ACTIVITY:
Text in the records must be reproduced exactly, and pictures must be skipped.

-- INFORMATION follows --

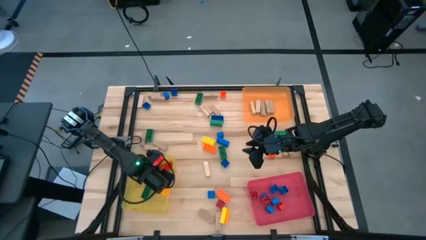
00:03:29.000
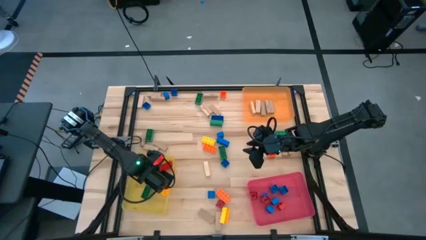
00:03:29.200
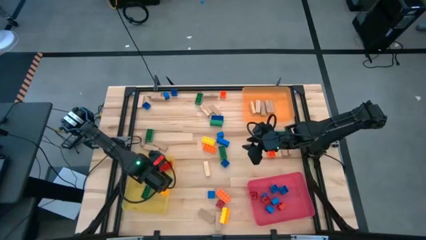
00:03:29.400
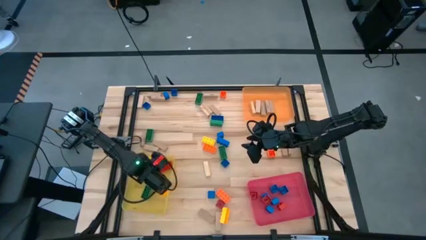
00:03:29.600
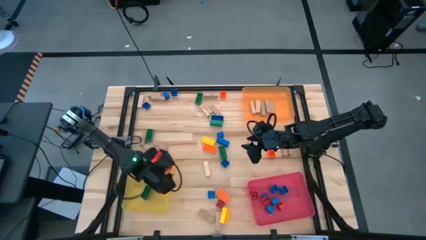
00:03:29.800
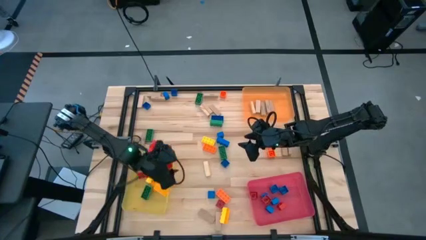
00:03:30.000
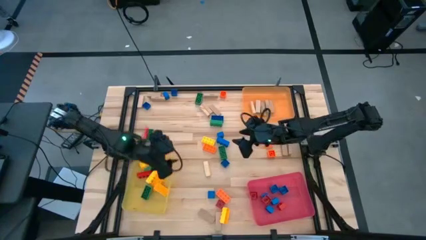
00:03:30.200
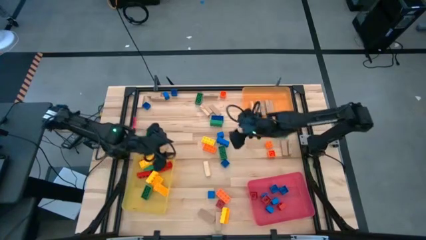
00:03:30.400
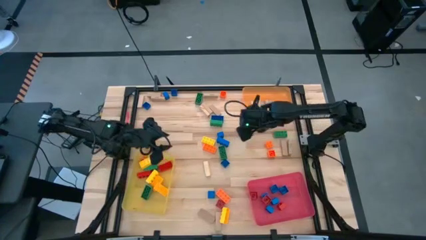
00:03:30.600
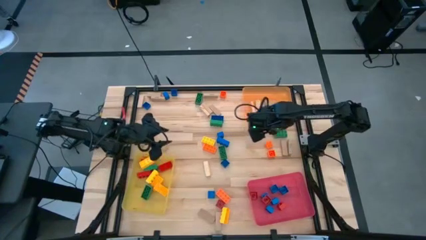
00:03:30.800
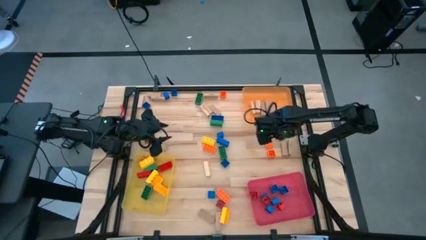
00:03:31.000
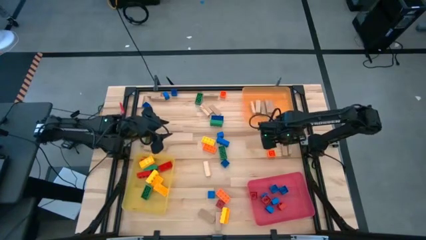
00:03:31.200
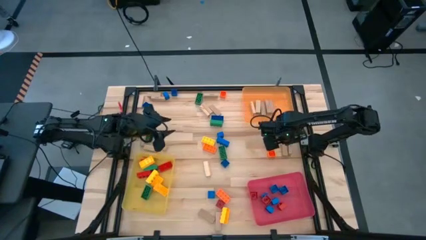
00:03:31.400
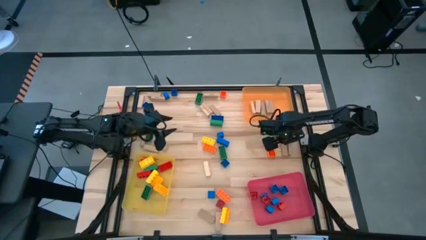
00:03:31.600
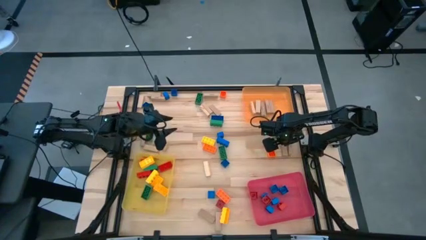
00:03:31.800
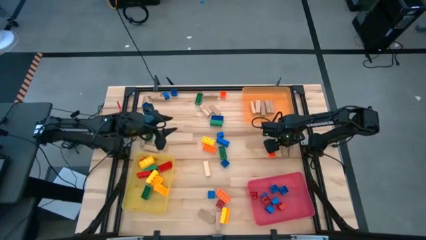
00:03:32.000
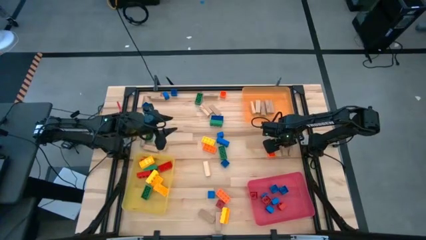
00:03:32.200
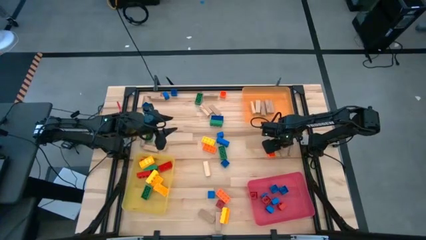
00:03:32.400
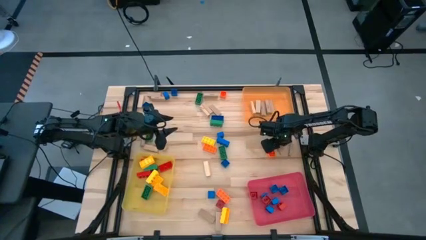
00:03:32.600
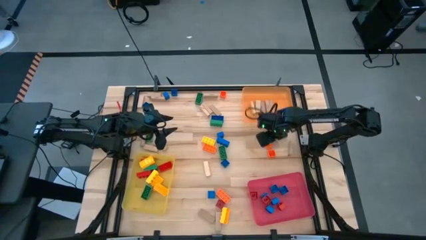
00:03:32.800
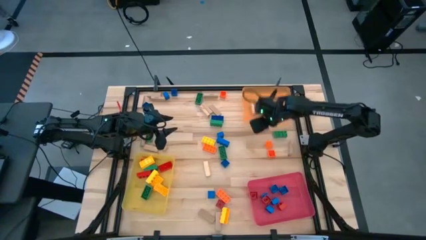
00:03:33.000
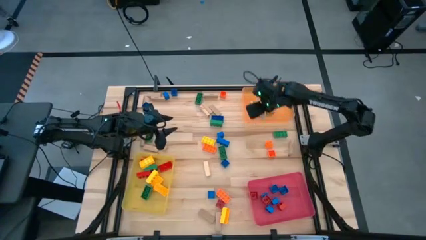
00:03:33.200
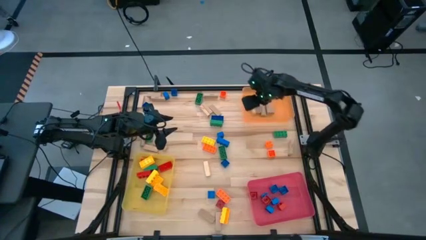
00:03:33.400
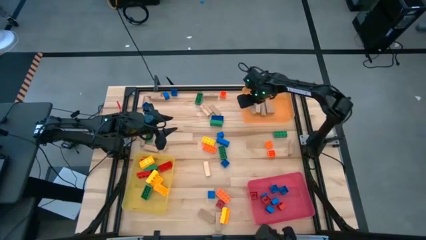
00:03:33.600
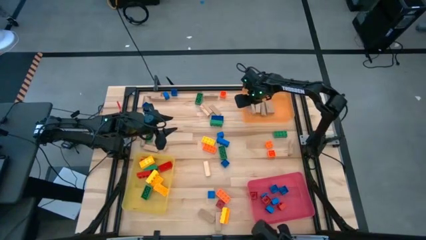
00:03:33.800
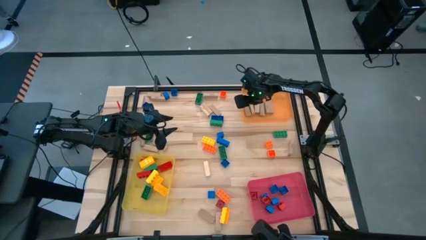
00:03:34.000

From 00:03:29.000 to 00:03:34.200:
Put the brown block into the orange bin
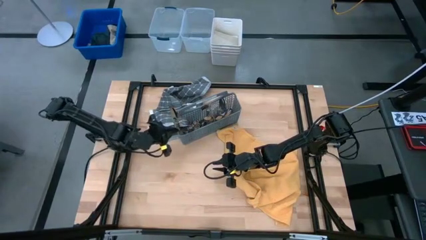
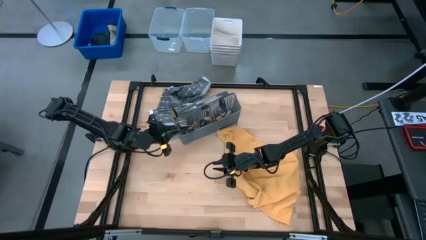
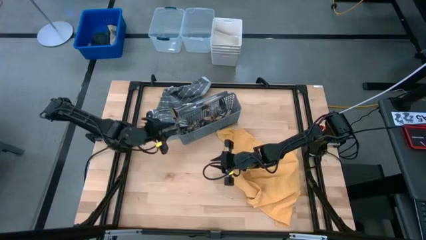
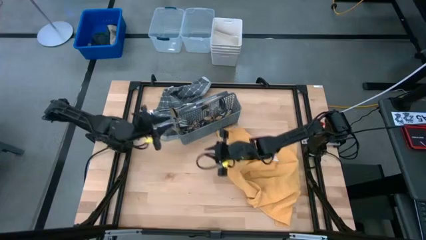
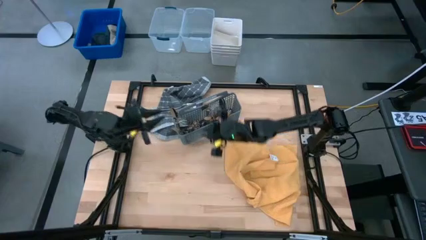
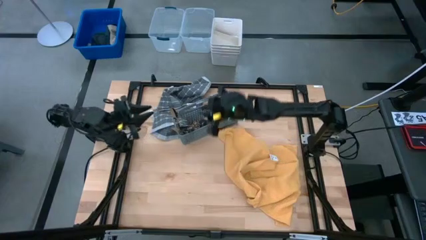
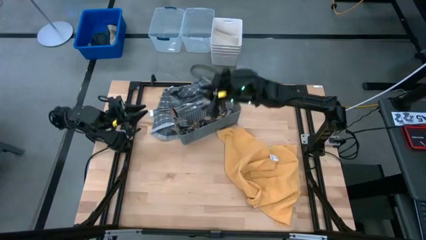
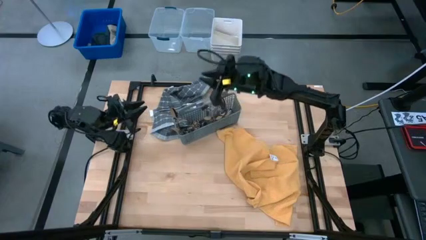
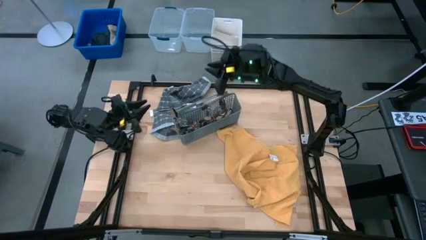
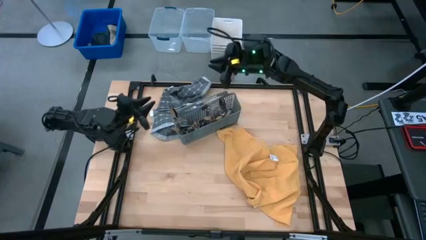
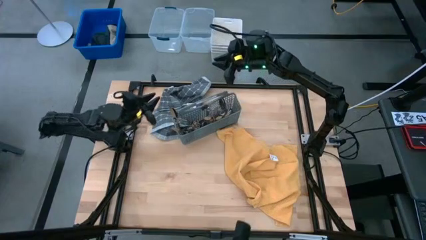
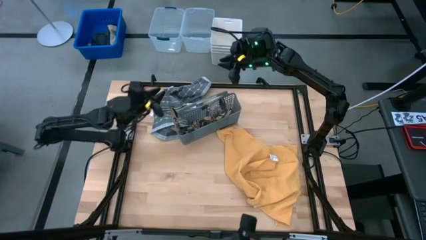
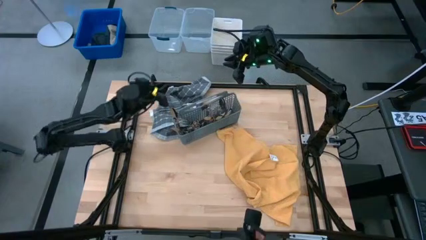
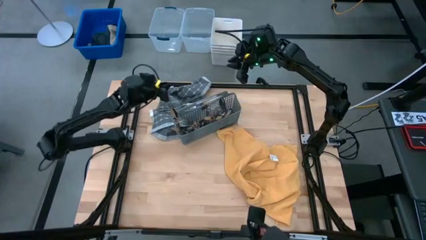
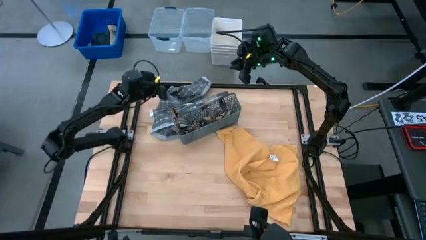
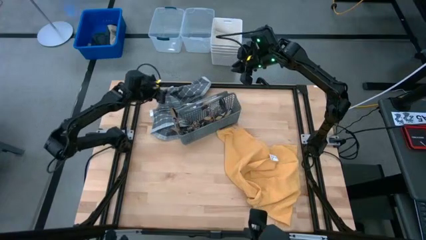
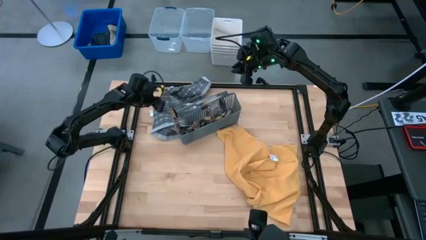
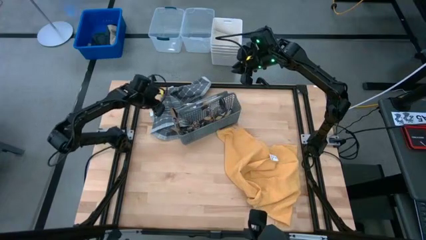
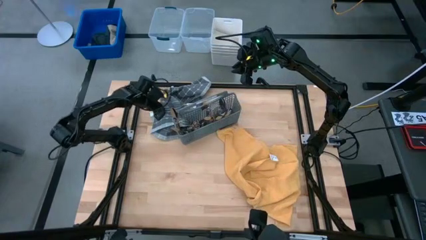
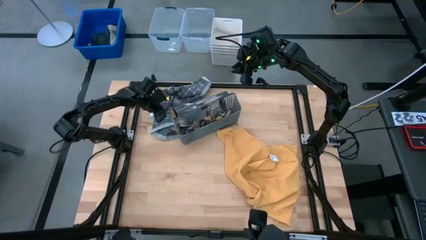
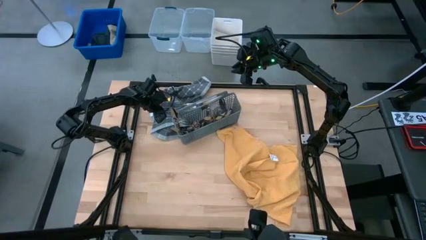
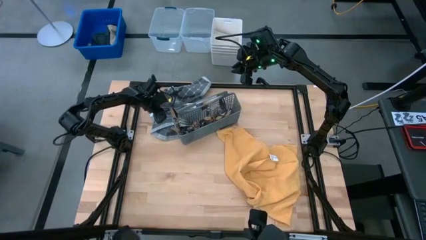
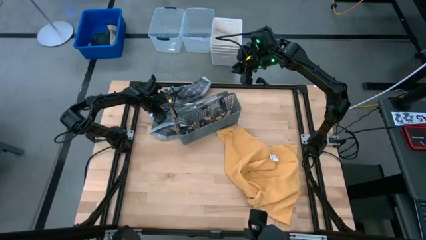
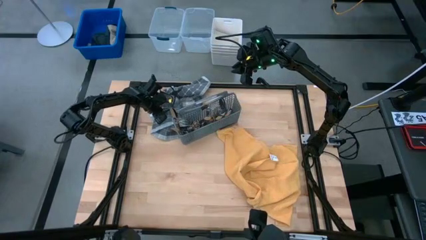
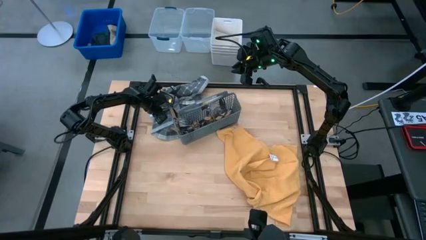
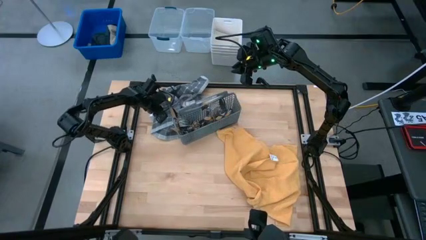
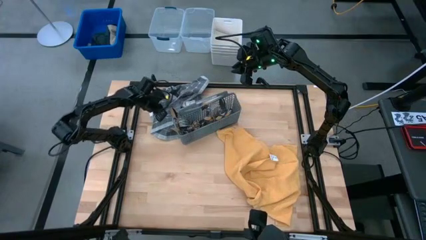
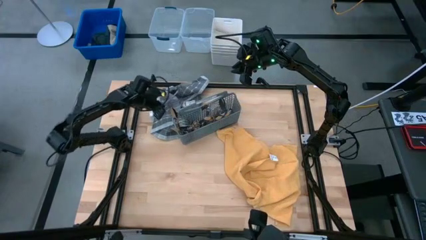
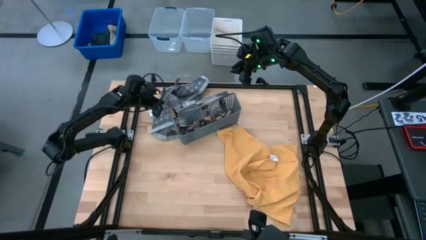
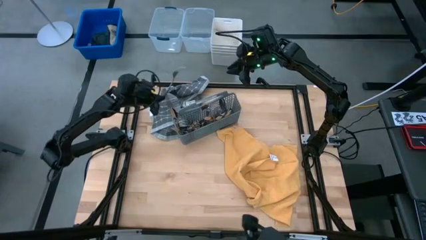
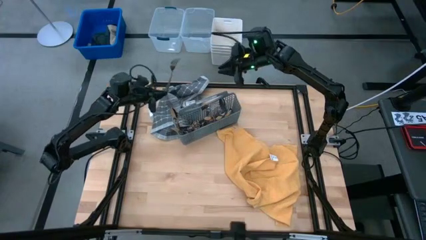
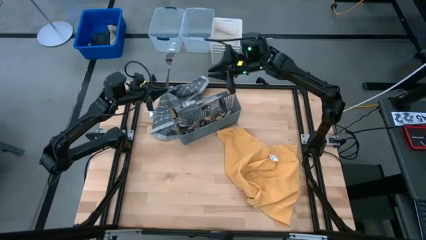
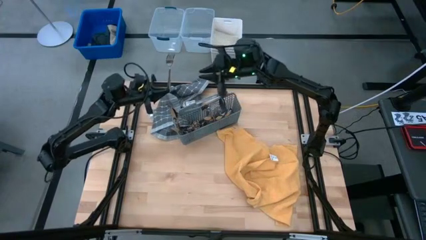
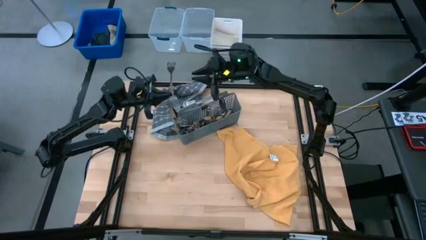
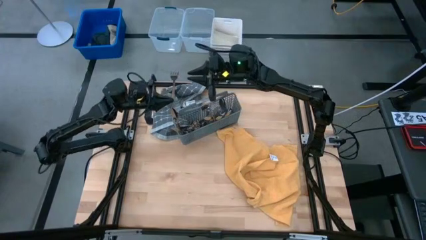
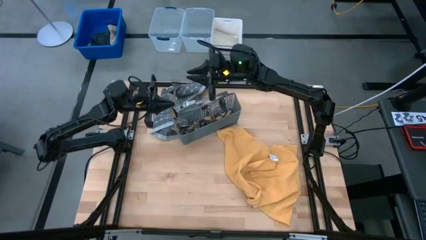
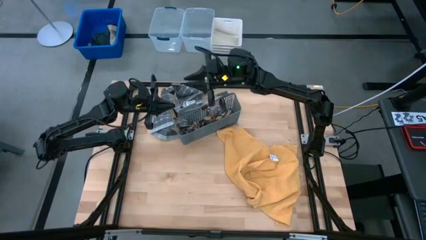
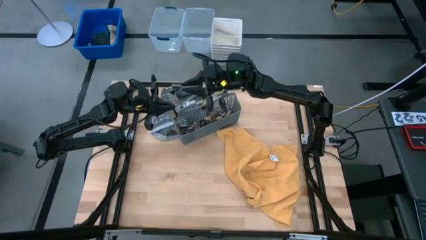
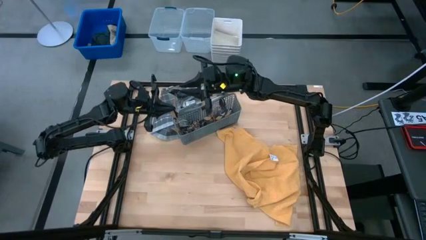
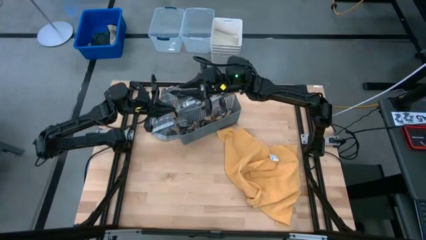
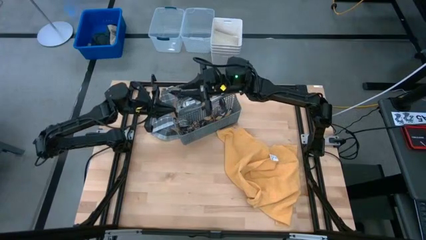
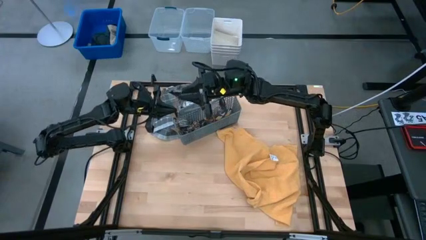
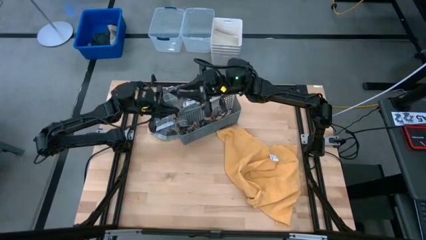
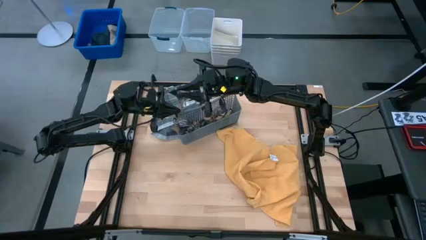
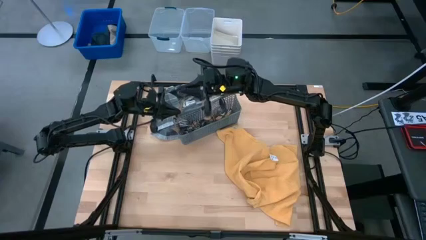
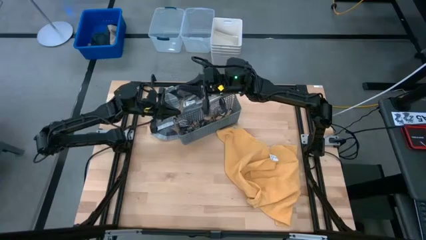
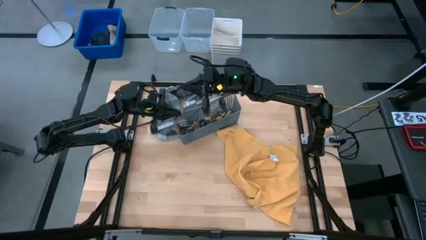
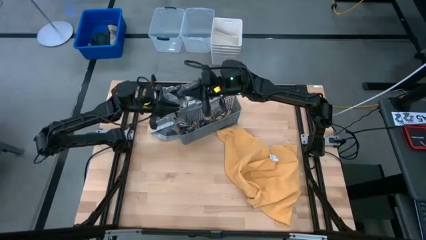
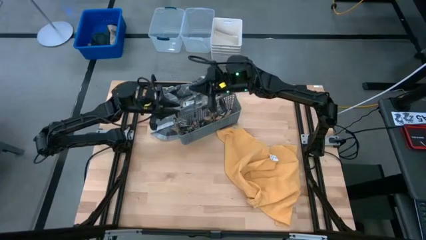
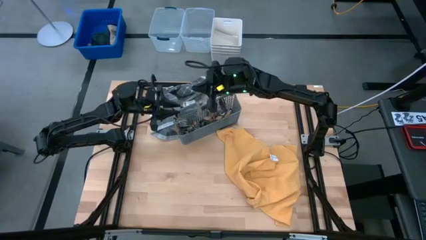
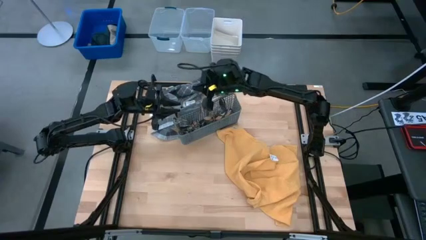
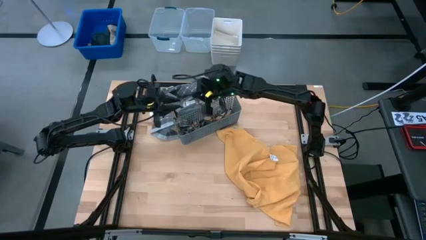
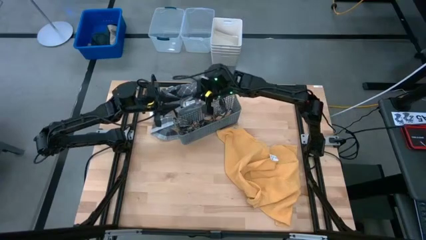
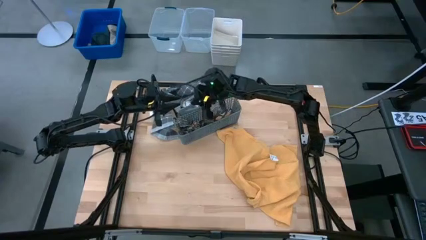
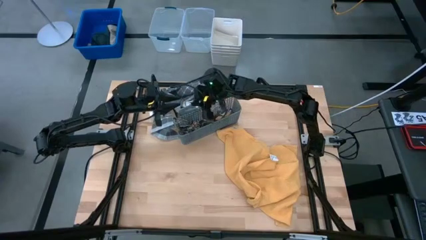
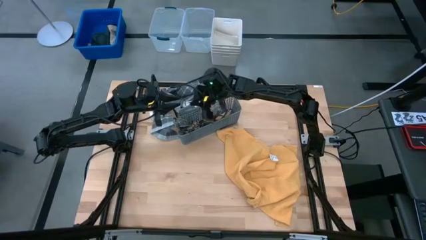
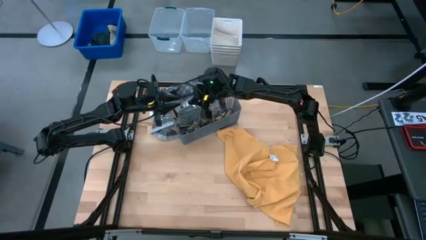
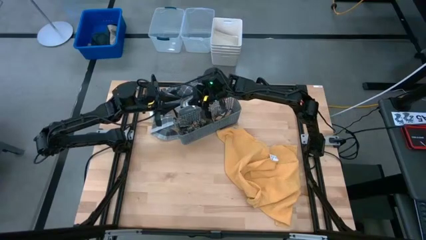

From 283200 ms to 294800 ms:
Task: Sort silverware
Put the silver fork into the gray silverware basket

-- INFORMATION concluded --

EXERCISE ANSWER:
00:03:29.000
00:03:29.200
00:03:29.400
00:03:29.600
00:03:29.800
00:03:30.000
00:03:30.200
00:03:30.400
00:03:30.600
00:03:30.800
00:03:31.000
00:03:31.200
00:03:31.400
00:03:31.600
00:03:31.800
00:03:32.000
00:03:32.200
00:03:32.400
00:03:32.600
00:03:32.800
00:03:33.000
00:03:33.200
00:03:33.400
00:03:33.600
00:03:33.800
00:03:34.000

From 00:03:29.000 to 00:03:34.200:
Put the brown block into the orange bin

From 283200 ms to 294800 ms:
Task: Sort silverware
Put the silver fork into the gray silverware basket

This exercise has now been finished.